■ **Exercise**
Exactly reproduce the lines beginning with the line that includes "10.887C8.908 9.388 9.601" and ending with the last line of the data.

■ **Data supplied**
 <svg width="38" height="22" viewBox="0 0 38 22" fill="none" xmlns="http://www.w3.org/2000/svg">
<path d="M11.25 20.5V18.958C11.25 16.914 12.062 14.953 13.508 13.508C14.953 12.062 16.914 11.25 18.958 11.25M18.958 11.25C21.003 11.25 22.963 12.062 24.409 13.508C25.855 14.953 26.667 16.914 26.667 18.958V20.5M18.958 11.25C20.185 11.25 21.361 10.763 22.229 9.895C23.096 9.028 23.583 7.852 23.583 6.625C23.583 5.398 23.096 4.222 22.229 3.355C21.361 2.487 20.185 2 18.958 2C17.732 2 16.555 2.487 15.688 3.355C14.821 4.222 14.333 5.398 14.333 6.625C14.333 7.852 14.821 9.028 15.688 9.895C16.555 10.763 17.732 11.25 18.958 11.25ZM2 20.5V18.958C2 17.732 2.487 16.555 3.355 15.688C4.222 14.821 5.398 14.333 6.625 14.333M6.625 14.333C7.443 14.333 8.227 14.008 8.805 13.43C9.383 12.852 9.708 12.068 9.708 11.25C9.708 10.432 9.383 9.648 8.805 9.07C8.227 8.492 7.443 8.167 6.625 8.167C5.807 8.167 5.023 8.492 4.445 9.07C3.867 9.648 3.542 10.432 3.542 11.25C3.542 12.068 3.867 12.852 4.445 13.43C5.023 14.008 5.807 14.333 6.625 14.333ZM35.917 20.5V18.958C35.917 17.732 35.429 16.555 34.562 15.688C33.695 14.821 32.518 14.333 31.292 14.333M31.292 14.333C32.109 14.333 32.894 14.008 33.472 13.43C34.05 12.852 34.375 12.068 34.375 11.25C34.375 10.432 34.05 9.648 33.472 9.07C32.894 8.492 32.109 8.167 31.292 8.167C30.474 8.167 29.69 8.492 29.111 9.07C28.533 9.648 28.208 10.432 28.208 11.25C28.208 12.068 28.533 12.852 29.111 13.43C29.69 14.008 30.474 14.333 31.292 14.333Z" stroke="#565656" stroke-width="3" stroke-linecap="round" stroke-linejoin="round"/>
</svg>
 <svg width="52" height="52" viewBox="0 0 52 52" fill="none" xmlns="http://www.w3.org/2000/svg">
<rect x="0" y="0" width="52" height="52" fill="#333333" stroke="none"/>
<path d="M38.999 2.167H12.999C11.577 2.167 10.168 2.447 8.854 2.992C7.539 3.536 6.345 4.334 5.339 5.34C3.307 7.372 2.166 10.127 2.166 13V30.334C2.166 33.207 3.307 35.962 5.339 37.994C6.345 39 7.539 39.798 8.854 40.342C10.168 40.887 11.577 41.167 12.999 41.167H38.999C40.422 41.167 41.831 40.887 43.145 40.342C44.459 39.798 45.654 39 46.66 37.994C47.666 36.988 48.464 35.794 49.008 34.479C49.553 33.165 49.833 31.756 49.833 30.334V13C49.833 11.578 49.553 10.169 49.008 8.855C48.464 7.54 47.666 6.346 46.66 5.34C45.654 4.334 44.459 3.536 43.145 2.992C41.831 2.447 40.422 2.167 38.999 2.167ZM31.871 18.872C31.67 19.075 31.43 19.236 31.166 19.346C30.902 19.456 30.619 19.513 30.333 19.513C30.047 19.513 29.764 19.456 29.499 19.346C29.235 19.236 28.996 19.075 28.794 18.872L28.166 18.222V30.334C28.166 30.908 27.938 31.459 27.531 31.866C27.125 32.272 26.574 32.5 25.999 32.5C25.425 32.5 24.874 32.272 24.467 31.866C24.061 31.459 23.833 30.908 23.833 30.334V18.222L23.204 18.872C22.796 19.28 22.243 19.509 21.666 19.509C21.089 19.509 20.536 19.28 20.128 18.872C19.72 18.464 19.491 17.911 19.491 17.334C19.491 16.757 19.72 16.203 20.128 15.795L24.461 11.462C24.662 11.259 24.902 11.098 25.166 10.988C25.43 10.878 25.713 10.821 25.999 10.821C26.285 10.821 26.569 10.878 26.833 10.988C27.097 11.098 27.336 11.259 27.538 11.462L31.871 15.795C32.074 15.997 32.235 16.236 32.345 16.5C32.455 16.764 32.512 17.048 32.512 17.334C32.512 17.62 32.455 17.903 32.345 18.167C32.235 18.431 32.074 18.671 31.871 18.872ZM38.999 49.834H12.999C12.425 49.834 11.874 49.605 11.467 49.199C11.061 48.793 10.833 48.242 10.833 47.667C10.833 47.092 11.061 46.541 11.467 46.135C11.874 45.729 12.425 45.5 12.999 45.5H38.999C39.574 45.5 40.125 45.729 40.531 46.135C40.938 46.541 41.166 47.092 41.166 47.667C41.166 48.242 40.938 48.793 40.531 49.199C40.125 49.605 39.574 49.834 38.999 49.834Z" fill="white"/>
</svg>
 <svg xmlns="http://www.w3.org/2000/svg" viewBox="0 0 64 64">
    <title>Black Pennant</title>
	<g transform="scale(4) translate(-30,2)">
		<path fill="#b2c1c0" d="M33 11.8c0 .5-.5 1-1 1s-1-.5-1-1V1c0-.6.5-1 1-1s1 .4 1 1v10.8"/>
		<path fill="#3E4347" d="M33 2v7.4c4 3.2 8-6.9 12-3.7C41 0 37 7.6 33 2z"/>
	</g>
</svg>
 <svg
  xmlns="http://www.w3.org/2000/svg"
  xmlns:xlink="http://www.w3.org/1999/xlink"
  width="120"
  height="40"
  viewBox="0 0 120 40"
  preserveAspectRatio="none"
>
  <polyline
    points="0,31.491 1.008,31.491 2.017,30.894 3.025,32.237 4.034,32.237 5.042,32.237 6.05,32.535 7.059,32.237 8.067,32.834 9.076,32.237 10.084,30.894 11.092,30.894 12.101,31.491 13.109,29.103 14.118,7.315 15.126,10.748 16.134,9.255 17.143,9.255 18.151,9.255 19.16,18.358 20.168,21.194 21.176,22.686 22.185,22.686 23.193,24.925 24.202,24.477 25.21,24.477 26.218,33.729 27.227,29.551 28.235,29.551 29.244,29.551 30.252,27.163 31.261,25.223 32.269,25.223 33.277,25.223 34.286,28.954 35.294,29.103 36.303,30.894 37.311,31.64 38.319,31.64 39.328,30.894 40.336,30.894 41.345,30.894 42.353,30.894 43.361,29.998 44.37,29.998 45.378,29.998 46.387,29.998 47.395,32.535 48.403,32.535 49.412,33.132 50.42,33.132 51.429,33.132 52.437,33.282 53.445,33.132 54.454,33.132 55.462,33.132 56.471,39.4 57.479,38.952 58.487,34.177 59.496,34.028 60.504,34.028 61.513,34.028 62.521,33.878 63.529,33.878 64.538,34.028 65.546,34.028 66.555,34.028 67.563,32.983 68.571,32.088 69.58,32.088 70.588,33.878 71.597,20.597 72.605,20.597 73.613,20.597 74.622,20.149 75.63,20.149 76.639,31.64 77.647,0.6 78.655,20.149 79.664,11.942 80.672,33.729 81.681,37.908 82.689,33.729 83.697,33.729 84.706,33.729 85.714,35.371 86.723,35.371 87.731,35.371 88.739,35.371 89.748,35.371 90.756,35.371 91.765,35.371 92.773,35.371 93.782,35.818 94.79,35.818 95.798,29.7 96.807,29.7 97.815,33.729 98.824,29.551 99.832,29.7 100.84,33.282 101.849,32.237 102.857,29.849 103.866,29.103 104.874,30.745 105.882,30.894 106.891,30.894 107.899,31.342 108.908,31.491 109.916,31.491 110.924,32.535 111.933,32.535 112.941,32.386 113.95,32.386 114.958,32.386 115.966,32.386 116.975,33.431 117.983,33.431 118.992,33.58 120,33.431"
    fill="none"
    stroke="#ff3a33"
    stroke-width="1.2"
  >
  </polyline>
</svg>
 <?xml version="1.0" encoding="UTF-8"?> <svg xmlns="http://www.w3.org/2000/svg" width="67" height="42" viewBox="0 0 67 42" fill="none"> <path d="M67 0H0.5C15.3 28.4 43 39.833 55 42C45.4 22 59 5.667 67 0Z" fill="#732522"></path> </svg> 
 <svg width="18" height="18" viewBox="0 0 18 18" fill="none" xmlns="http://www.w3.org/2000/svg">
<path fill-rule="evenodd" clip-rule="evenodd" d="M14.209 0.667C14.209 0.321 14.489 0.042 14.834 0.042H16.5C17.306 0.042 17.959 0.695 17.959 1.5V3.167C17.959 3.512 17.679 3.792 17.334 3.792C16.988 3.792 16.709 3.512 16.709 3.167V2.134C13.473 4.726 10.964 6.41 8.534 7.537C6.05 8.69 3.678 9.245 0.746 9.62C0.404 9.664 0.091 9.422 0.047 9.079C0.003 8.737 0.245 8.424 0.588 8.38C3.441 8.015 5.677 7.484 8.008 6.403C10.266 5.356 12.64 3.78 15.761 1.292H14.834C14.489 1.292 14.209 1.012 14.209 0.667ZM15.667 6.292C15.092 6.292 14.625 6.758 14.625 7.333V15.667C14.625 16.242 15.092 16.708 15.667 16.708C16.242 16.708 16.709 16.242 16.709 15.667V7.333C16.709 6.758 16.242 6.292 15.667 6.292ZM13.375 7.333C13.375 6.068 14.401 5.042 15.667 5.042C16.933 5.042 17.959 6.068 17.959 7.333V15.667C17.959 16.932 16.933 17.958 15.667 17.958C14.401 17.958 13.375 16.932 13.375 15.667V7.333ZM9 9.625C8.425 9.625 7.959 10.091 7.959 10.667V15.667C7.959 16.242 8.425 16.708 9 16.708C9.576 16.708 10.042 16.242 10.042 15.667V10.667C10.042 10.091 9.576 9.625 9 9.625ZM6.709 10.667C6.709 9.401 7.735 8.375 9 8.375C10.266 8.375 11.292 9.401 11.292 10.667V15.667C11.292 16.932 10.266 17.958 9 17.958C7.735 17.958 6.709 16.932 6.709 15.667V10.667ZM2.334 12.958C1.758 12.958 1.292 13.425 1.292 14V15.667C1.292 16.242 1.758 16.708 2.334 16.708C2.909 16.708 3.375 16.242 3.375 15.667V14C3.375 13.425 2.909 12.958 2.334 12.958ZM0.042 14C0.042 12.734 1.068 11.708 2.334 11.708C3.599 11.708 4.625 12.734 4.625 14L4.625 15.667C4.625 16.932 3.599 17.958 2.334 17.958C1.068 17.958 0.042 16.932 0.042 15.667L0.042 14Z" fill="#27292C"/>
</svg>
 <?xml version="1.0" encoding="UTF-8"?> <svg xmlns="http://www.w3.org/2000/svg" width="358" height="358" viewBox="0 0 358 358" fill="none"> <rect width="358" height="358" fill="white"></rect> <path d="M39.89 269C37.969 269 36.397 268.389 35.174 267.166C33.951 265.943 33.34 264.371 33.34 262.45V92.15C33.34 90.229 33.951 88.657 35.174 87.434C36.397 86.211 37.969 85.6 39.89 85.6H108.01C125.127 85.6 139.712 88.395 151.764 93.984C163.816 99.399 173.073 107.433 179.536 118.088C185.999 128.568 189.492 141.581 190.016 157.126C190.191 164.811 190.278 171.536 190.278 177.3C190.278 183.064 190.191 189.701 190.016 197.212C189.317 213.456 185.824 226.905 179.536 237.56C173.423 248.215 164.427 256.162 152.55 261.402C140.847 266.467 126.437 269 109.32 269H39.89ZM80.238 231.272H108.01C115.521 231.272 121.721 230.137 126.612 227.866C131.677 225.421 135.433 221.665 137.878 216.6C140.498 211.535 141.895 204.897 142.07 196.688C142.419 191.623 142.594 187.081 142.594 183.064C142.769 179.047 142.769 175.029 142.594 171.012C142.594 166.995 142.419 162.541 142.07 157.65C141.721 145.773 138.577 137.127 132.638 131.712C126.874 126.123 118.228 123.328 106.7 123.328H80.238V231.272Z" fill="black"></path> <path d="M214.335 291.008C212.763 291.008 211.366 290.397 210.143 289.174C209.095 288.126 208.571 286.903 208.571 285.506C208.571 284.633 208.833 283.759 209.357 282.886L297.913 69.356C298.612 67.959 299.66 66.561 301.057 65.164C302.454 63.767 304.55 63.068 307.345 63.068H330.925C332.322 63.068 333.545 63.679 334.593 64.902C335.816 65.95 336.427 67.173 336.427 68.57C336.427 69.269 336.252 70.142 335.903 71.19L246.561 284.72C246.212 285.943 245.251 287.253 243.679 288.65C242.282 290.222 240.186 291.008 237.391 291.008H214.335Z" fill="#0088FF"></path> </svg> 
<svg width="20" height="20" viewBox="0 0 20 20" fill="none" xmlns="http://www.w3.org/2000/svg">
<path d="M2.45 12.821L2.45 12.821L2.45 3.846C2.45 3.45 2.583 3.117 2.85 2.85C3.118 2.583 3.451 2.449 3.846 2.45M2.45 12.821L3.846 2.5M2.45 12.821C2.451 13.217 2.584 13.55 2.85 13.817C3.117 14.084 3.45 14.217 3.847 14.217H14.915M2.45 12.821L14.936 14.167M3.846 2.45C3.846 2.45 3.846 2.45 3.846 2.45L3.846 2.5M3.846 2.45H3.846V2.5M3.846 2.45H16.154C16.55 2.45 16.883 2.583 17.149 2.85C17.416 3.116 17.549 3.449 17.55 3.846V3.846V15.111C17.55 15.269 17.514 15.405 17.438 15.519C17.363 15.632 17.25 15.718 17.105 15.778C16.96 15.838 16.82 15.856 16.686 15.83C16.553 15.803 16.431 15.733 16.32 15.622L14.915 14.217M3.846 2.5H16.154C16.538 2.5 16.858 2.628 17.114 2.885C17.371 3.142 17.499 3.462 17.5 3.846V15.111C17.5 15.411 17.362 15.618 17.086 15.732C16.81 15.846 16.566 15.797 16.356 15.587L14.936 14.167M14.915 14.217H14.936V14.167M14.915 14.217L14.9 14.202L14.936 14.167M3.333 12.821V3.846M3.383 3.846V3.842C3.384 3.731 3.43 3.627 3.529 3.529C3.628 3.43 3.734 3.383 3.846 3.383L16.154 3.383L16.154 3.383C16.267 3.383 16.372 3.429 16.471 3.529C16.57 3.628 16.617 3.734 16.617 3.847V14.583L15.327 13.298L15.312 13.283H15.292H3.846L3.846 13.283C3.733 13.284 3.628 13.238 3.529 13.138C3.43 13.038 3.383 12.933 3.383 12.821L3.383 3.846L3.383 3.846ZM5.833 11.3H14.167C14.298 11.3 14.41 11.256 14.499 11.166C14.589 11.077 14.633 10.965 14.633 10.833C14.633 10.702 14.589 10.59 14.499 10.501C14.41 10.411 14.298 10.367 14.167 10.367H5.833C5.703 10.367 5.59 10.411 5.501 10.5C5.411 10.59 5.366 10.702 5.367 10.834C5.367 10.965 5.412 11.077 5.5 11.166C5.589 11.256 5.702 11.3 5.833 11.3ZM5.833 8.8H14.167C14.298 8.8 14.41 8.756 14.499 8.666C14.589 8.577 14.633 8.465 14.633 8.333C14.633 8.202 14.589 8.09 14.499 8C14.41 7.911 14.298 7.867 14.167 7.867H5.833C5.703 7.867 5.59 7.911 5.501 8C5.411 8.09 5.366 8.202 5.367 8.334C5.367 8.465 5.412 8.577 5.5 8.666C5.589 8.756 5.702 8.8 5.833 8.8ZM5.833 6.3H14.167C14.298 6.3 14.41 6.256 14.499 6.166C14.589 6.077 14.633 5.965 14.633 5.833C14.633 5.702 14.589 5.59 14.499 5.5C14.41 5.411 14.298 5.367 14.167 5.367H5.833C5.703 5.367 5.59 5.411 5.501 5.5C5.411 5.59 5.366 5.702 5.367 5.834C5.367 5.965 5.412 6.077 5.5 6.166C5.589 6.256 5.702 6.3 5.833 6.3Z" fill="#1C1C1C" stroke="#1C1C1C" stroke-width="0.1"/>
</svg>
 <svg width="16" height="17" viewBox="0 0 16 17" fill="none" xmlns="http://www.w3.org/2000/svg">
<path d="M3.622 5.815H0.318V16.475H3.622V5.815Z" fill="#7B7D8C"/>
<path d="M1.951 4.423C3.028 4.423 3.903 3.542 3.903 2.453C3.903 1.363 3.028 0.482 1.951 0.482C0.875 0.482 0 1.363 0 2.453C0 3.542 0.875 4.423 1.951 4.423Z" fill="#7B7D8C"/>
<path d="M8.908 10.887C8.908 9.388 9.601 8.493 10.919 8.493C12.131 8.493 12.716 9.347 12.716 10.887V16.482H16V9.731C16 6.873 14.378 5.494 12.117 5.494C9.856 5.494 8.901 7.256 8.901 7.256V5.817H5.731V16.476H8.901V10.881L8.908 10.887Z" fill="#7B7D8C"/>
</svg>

■ **Answer to the problem**
<path d="M8.908 10.887C8.908 9.388 9.601 8.493 10.919 8.493C12.131 8.493 12.716 9.347 12.716 10.887V16.482H16V9.731C16 6.873 14.378 5.494 12.117 5.494C9.856 5.494 8.901 7.256 8.901 7.256V5.817H5.731V16.476H8.901V10.881L8.908 10.887Z" fill="#7B7D8C"/>
</svg>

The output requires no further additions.